TASK ITEM - What lines of the data below include the word "brick"? Report them by copying each.

(Stored data)
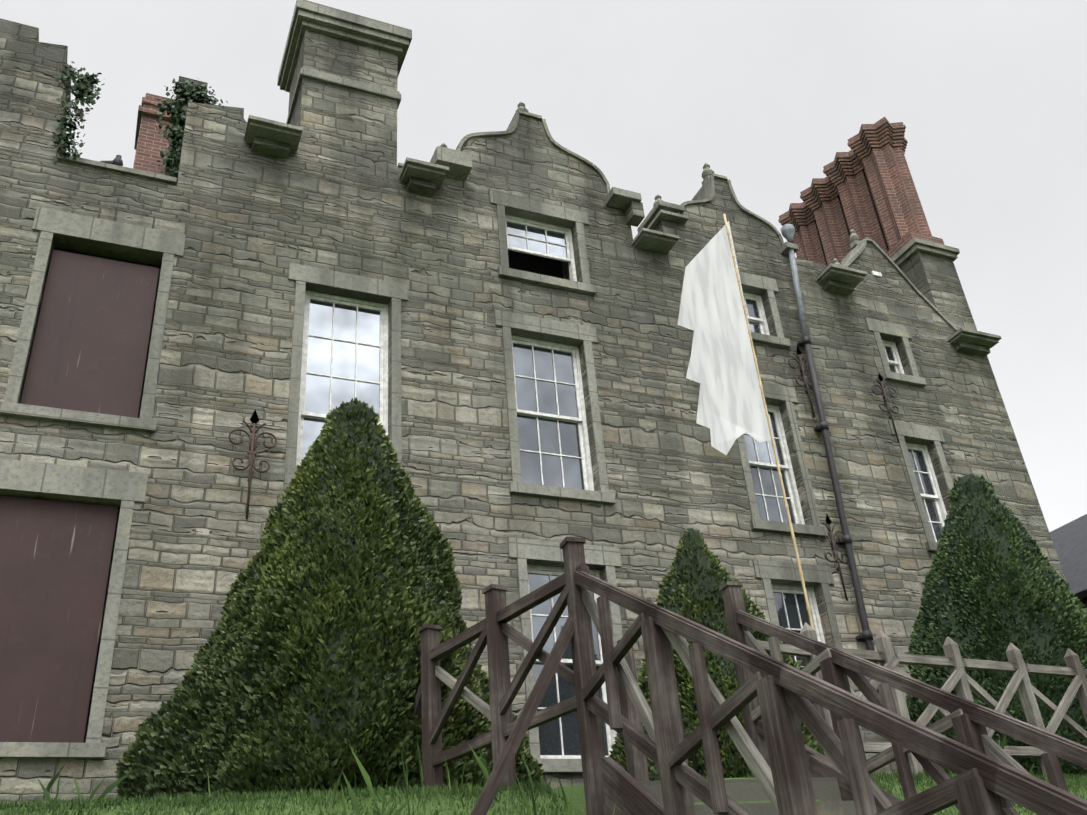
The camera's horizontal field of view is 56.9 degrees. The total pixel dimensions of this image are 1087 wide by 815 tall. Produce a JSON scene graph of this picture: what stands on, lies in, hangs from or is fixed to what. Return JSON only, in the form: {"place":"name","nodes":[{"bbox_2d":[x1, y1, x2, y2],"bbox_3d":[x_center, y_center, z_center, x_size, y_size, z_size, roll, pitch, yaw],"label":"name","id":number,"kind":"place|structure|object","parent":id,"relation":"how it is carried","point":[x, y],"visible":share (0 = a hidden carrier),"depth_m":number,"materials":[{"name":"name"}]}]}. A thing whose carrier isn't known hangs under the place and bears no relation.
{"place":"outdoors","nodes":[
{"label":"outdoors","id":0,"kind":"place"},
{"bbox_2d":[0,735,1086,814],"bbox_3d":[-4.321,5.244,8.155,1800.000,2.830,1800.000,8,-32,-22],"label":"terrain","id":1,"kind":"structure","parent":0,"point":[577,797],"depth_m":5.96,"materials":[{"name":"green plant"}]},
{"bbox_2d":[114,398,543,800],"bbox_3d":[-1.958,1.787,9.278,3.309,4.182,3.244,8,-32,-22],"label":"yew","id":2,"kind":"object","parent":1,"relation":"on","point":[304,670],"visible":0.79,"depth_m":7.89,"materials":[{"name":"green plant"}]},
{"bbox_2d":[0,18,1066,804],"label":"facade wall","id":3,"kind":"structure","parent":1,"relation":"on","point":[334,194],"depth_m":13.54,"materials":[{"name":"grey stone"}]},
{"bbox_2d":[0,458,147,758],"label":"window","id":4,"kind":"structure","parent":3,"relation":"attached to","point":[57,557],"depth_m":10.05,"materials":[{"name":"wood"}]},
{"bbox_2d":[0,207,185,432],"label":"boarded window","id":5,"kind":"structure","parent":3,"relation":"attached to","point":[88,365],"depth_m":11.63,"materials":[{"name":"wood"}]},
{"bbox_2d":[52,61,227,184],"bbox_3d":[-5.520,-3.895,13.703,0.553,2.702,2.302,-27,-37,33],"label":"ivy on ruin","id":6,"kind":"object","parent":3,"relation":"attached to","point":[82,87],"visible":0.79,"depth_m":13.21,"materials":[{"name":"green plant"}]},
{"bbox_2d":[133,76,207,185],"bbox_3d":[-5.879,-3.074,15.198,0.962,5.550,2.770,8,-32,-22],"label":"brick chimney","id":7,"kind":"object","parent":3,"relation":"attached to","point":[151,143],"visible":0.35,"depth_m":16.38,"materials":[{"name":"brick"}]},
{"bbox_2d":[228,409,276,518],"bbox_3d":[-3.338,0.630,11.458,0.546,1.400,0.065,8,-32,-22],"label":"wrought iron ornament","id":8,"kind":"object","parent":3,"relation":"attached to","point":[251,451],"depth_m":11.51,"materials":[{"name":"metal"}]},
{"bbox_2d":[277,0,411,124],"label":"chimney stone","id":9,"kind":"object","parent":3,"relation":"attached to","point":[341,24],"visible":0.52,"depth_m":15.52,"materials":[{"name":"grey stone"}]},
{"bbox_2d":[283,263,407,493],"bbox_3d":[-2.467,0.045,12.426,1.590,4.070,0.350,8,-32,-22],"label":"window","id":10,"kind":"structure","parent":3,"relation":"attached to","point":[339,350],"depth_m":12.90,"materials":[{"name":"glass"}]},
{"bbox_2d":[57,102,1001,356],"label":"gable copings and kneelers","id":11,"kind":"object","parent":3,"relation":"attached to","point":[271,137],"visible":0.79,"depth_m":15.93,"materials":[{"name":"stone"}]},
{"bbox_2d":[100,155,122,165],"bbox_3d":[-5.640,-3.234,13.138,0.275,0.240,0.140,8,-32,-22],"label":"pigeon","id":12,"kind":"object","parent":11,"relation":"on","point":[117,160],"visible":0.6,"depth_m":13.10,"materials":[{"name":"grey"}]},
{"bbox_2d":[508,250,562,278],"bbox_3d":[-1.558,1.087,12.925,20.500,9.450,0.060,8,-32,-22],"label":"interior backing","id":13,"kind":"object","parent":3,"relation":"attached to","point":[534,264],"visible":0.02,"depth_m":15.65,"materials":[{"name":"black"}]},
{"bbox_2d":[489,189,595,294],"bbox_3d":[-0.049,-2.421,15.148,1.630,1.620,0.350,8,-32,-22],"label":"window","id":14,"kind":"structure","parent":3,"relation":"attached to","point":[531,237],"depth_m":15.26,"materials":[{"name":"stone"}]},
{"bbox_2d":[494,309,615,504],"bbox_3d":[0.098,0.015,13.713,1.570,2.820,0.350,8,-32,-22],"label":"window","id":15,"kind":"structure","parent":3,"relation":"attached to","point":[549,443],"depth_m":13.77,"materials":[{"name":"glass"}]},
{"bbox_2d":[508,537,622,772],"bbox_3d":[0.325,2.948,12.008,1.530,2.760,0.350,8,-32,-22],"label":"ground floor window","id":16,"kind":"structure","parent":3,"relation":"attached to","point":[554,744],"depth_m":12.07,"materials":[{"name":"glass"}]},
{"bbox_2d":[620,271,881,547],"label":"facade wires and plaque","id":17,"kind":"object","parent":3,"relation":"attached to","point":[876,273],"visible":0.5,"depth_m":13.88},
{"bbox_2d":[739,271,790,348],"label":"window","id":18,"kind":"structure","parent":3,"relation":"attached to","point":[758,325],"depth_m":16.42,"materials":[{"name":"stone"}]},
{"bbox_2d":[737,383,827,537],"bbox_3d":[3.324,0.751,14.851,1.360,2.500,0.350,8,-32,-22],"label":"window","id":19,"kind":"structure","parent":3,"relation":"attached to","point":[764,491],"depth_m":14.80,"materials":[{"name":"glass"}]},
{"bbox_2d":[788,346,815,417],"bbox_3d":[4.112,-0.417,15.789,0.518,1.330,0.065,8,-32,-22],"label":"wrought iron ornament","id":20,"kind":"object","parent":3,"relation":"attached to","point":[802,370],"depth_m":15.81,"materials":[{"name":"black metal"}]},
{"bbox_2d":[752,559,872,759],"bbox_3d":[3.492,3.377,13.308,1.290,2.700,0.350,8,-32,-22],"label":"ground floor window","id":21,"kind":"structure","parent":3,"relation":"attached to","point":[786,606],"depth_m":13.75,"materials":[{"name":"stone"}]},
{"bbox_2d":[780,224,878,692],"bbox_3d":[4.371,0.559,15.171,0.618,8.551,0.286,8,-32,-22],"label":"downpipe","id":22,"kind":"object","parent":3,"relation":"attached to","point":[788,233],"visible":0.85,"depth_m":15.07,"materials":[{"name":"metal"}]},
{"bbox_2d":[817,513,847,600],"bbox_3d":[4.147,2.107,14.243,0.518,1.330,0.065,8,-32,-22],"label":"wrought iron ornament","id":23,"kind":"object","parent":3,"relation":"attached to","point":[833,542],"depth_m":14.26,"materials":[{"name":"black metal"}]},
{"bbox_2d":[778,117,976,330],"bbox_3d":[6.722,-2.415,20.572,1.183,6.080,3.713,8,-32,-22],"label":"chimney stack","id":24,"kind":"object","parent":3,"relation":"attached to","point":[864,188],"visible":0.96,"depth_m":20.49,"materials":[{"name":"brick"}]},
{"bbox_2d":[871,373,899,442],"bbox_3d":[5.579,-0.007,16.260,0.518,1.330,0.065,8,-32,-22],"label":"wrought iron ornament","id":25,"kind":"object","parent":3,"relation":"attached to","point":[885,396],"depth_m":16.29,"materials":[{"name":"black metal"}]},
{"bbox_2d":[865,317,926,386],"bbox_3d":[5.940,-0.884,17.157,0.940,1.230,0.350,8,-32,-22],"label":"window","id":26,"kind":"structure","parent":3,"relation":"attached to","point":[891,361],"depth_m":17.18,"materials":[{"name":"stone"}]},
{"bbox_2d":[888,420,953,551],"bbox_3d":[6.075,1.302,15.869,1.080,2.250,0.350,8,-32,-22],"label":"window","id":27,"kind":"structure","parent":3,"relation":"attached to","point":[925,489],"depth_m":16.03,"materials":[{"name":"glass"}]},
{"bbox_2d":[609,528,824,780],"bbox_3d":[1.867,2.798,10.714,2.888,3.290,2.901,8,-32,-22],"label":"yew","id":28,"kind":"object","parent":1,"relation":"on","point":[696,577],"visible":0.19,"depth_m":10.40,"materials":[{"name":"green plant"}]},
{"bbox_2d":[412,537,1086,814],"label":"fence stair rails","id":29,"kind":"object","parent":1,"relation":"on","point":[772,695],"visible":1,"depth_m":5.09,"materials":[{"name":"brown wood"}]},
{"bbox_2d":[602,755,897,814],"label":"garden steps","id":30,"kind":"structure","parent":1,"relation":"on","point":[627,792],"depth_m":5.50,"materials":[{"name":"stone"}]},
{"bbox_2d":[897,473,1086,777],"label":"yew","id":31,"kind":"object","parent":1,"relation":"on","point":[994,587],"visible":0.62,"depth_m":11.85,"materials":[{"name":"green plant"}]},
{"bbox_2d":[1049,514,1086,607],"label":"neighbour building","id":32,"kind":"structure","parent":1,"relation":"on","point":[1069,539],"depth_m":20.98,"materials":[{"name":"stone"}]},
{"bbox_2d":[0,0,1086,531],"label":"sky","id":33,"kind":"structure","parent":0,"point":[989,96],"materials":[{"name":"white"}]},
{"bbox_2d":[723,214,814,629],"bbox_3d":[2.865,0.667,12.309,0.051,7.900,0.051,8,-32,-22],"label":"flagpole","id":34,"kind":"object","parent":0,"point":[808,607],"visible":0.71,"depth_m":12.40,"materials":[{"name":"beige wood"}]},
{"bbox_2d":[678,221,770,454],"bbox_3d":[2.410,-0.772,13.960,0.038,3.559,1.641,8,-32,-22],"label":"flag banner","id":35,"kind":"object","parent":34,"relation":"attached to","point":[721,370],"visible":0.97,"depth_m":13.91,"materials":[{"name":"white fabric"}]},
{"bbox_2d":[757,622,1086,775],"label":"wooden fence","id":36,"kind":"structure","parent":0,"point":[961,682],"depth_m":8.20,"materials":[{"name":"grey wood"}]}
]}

SOLUTION -
{"bbox_2d":[133,76,207,185],"bbox_3d":[-5.879,-3.074,15.198,0.962,5.550,2.770,8,-32,-22],"label":"brick chimney","id":7,"kind":"object","parent":3,"relation":"attached to","point":[151,143],"visible":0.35,"depth_m":16.38,"materials":[{"name":"brick"}]},
{"bbox_2d":[778,117,976,330],"bbox_3d":[6.722,-2.415,20.572,1.183,6.080,3.713,8,-32,-22],"label":"chimney stack","id":24,"kind":"object","parent":3,"relation":"attached to","point":[864,188],"visible":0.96,"depth_m":20.49,"materials":[{"name":"brick"}]},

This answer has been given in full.